I appreciate you weighing in, and apart from the success GitHub has had with mysql - I think opting for it was probably a sound decision at the time - if scaling and replication was expected.
That said, regarding:
If tfa 15 years ago is correct - that would put the choice between (I think) proven mysql 3.x, or newer 4/5/5.1 and postgresql 8.3 ish?
The latter already had solutions like slony which for some uses was probably better than mysql?
https://www.postgresql.org/docs/8.4/release-8-3.html
https://wiki.postgresql.org/wiki/Slony
https://en.m.wikipedia.org/wiki/MySQL
https://stackoverflow.com/questions/142068/which-database-has-the-best-support-for-replication
15 years ago I worked at a company doing a few hundred million a year in revenue and they used bucardo trigger based replication with postgres.
I'm not criticizing, they (the point parent comment GitHub employee) aren't experts in the technology they didn't use 15 years ago. But postgres definitely had replication circa 8.1 (released 2005).
Add Booking.com to that list as well. I know quite a handful of DB Engineers at Booking went to Github 🤗
Any details on what you mean here? If anything MySQL used to have a much better reputation for scaling than postgres.
As for how, they're now using Vitess, and before that they used quite a bit of manual sharding if I'm not mistaken.
Assuming you means all the MySQL idiosyncrasies that truncate or cast inserted values with just a warning, they're pretty much all fixed as of MySQL 5.7 as long as you run in strict mode.
I think you're right that mysql has a better reputation with scalability compared to db2 or postgres but falls somewhat short compared to MSSQL or Oracle (I know, yuck).
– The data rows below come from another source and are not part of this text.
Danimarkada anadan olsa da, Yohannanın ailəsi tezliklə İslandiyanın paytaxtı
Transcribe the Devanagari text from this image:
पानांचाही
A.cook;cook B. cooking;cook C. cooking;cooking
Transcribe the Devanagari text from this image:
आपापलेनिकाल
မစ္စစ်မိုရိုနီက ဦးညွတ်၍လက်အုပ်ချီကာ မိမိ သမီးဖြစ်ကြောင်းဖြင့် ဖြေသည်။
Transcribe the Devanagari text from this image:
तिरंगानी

However the limitations of MySQL that I discovered are related to memory contention on large systems. That is ignoring complete the replication story which is ostensibly statement based and does not provide protection from replicas becoming out of sync - thus replication can stall when statements become impossible.
Oddly MySQL enthusiasts bill this as a feature and insist that you are holding it wrong if it ever happens to you. However I still consider this one of the major limiting scaling factors: if you cant trust your read replicas to be consistent with primaries.
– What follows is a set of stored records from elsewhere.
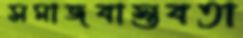
সমাজবাস্তবতা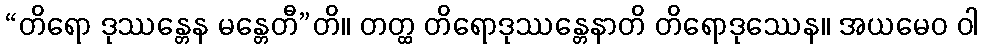
“တိရော ဒုဿန္တေန မန္တေတီ”တိ။ တတ္ထ တိရောဒုဿန္တေနာတိ တိရောဒုဿေန။ အယမေဝ ဝါ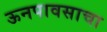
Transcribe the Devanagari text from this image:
ऊनपावसाचा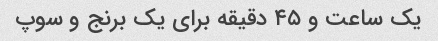
یک ساعت و ۴۵ دقیقه برای یک برنج و سوپ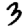
Digit: 3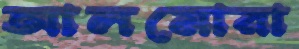
আলমোরা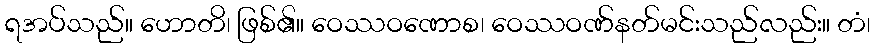
ရအပ်သည်။ ဟောတိ၊ ဖြစ်၏။ ဝေဿဝဏောစ၊ ဝေဿဝဏ်နတ်မင်းသည်လည်း။ တံ၊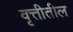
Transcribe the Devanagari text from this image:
वृत्तीतील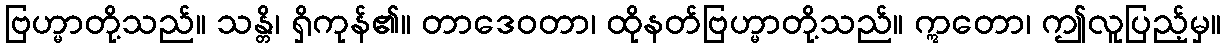
ဗြဟ္မာတို့သည်။ သန္တိ၊ ရှိကုန်၏။ တာဒေဝတာ၊ ထိုနတ်ဗြဟ္မာတို့သည်။ ဣတော၊ ဤလူပြည့်မှ။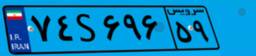
۷۷S۹۰۷۶۳

So I'm no DBA, but I work somewhat close-ish to the database team at a company that runs a huge MySQL infra (comparable to GitHub's).
I may be totally off, but I'm pretty sure all serious MySQL deployments use row based replication, not statement.
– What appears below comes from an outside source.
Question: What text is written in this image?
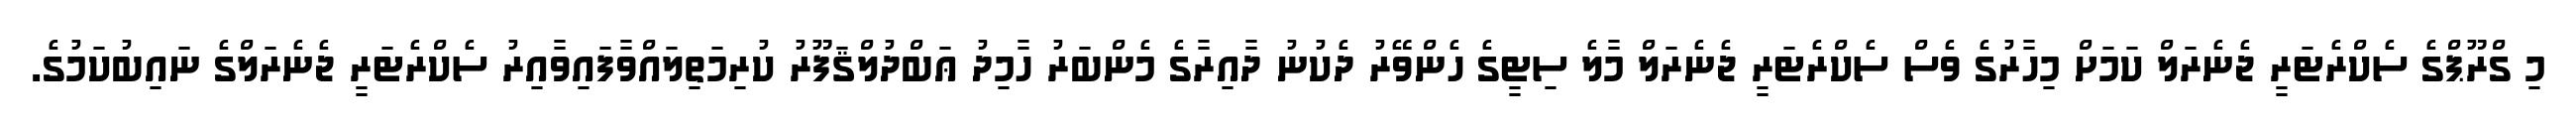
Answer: މި ގްރޫޕްގެ ސެކްރެޓަރީ ޖެނެރަލް ކަމަށް މިހާރުގެ ވެސް ސެކްރެޓަރީ ޖެނެރަލް މާލެ ސިޓީގެ ހެންވޭރު ދެކުނު ދާއިރާގެ މެންބަރު ހާމިދު ޢަބްދުލްޤަފޫރު ކުރިމަތިލައްވާފައިވާއިރު ސެކްރެޓަރީ ޖެނެރަލްގެ ނައިބުކަމުގެ.

As samlambert said. Numerous companies make MySQL work at humongous scale. I'm not gonna tell you you are holding it wrong, but it's certainly possible to make it work ¯\_(ツ)_/¯
To be clear here I said: by default the scalability and consistency story for mysql is weak, I am interested to understand how these large scale companies make it work given the obvious misgivings that I have personally witnessed even in large companies.
And the answer seems to be: “large companies made it work so there are no issues”.
So, to reiterate: I am aware that people have made it scale and I presume they have avoided the corruption pitfalls.
I am interested in HOW.
One scaling related thing i read about GB is that apparenty they dont use Foreign Keys at all.
What's "GB" here? If you mean GitHub, that is not (at all, or in any way) correct.
(I am going to continue the assumption that GB is GitHub although I've never seen it shortened in that way previously.)
https://github.com/github/gh-ost/issues/331#issuecomment-266027731
Imagine using the features of your database. The horror.
The point about sharding is valid, if you are at GitHub scale.
I've seen cascade deletes that were completely backwards and ended up deleting a whole table which cascade deleted most/all of the active database at the time. I highly suggest avoid using them. If you do use them you need to fully test them.
Ok, how are they different from an ORM doing it for you?
I'd be intrigued to learn what sort of functionality those queries are used for.
I’m pretty sure we were using a WHERE IN query for heavy bulk deletion at a previous job. I can’t remember if that worked well, unfortunately. I guess it did.